_WORK ORDER_
Where the line containing "Captured 18.7 s after image 1." appears below, start there and repeat each line exactly to the end. Leave the pictures out.

Collected data entries
^^^^^^^^
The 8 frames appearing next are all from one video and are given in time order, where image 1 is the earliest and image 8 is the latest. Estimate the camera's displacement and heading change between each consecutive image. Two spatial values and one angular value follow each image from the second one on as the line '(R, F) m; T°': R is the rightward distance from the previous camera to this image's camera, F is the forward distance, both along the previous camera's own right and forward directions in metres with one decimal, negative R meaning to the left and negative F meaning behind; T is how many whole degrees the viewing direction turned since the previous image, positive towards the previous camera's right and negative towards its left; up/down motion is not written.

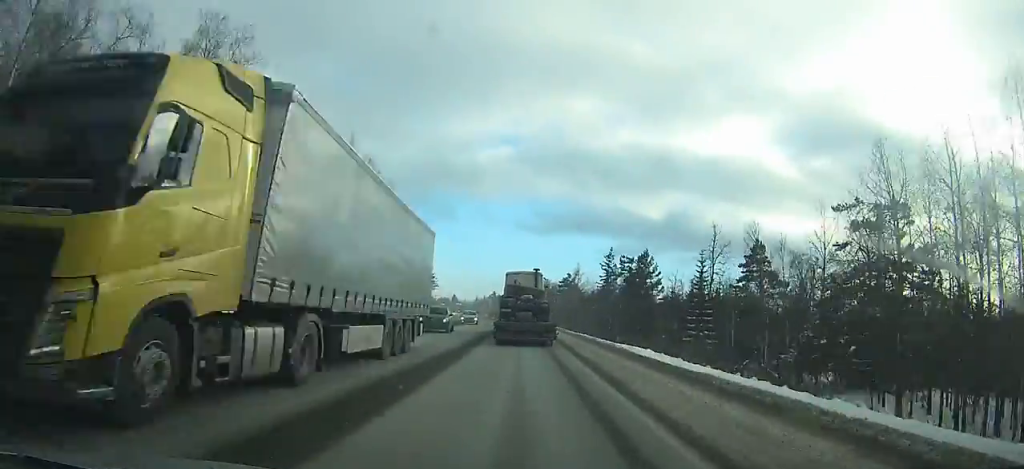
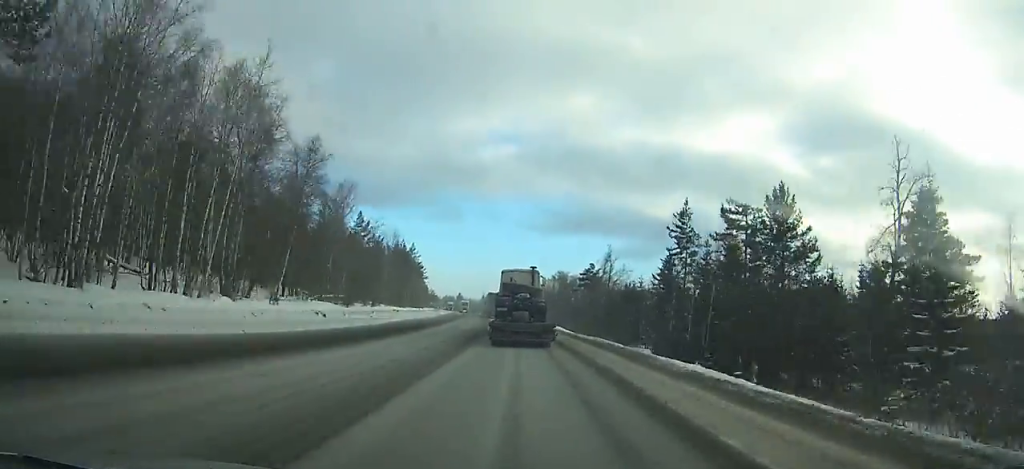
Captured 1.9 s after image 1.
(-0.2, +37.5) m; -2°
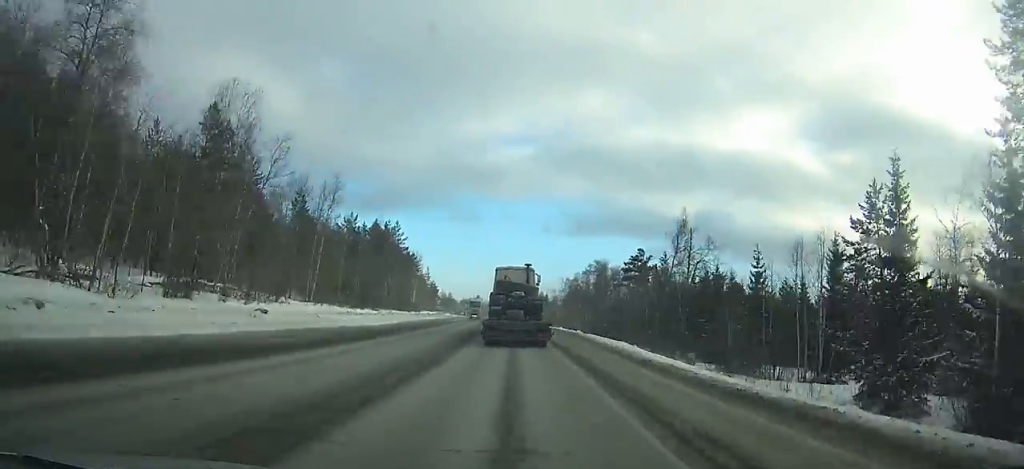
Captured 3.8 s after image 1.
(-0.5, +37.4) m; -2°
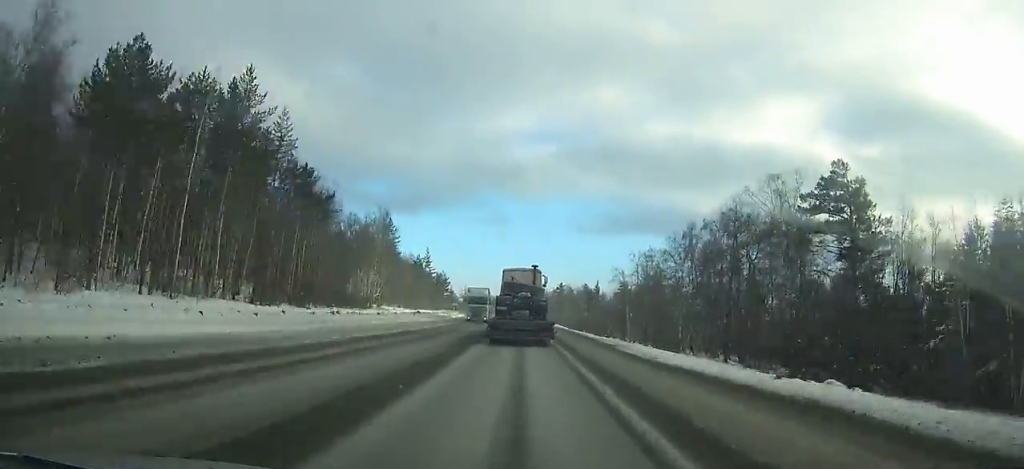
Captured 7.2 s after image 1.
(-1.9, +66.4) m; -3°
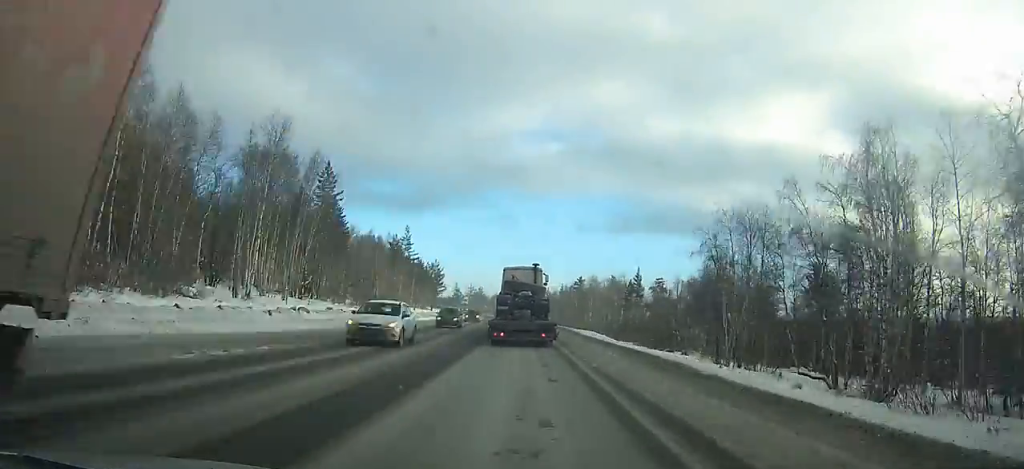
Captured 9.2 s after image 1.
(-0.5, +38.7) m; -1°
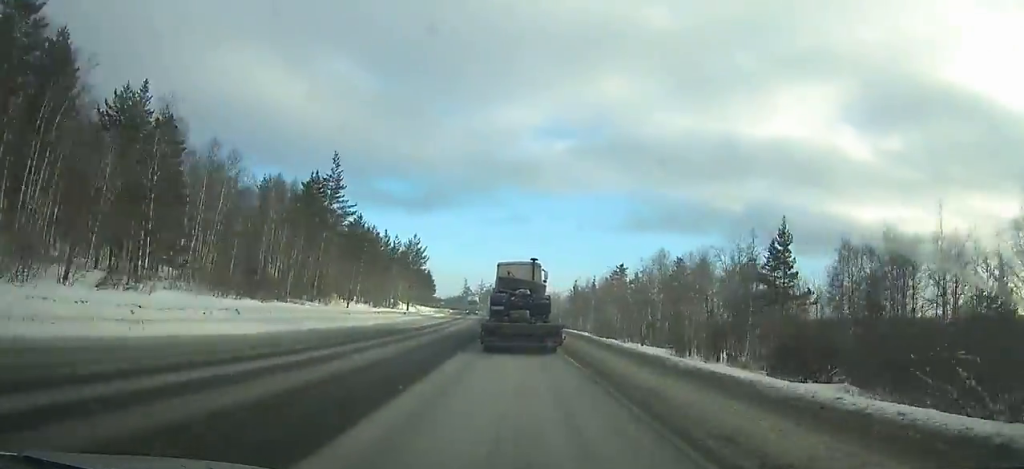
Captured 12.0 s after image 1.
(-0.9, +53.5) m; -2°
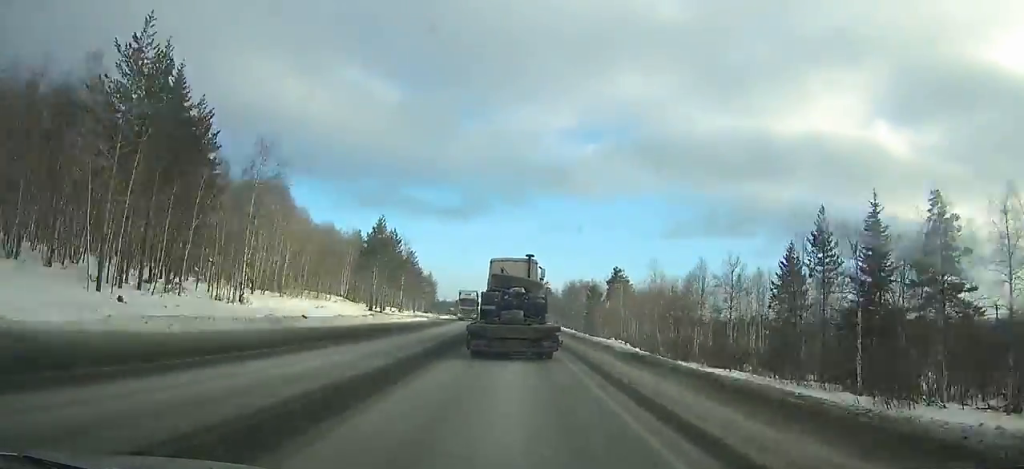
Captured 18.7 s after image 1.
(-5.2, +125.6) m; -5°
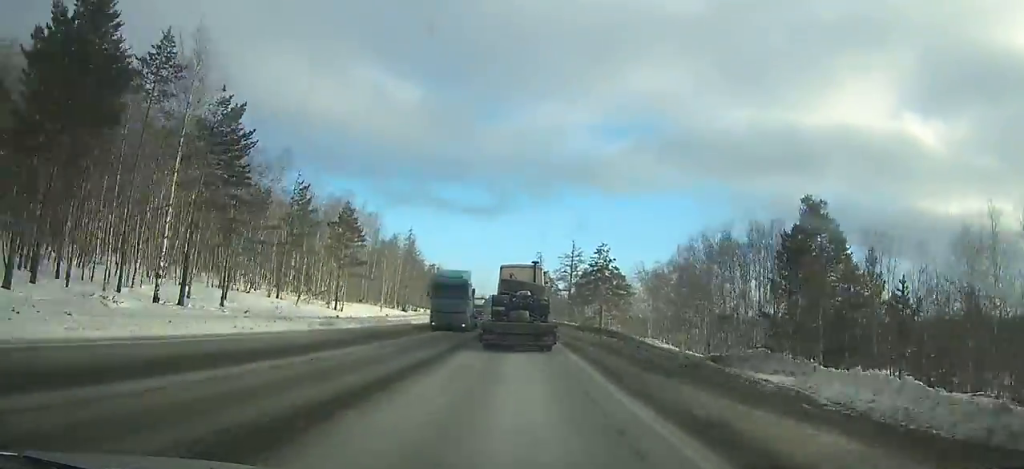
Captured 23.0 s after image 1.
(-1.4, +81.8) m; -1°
^^^^^^^^
_RESULT OF THIS TASK_
Captured 18.7 s after image 1.
(-5.2, +125.6) m; -5°
Captured 23.0 s after image 1.
(-1.4, +81.8) m; -1°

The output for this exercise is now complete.